Scarce 5%-corrections, worldwide

Note: this article has been read over 100,000 times and also liked or shared hundreds of times across social media.

The Wall Street Journal (WSJ) showcased a widely-shared article [link] earlier this month exposing the fact that we have lacked 5% corrections, jointly among three main indices around the globe.  This is a provocative statistical indicator, as many investors consider for their portfolio generally one market index that is heavily weighted towards their home country.  The fact that other indices in foreign regions are mirroring these similar streaks could perhaps be compelling.  Let’s take the U.S. for example, we've gone over a year without a 5% correction.  This exact lengthy time without such a pullback has only occurred a handful of times since the mid-20th century.  And while that would therefore seem extraordinarily rare, given exclusive time stages it works to about an 8% annual probability (so not that rare.)  [link] What we have in Russolillo's WSJ article is a look beyond this one location, but in Europe and in Asia as well.  These investors need be mindful to global economic conditions and financial markets as well.  Yet the statistic in the WSJ article focuses on the 5% correction dearth not being just over a year -as it is in the U.S.- but rather the three indices going dropless for the first half of 2017.  This article resolves how one should think about these two different probabilities.

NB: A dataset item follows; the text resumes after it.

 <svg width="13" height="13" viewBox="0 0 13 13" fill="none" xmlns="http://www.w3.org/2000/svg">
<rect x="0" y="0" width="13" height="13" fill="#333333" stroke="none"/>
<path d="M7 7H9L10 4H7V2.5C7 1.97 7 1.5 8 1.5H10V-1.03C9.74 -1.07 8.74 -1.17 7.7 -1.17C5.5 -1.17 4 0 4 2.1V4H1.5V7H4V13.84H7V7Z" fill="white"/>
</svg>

In other words, their article gives birth to various attractive mathematical and finance, contexts and impacts.  For example, here are some questions one might ponder from such a finding:
* What is the mathematical probability of seeing such a result?
* How do we consider seasonality in the markets?
* How correlated are these markets, and what is the import of selecting just this year-to-date as the time horizon?
* What should an investor or risk executive do in consideration of this insight?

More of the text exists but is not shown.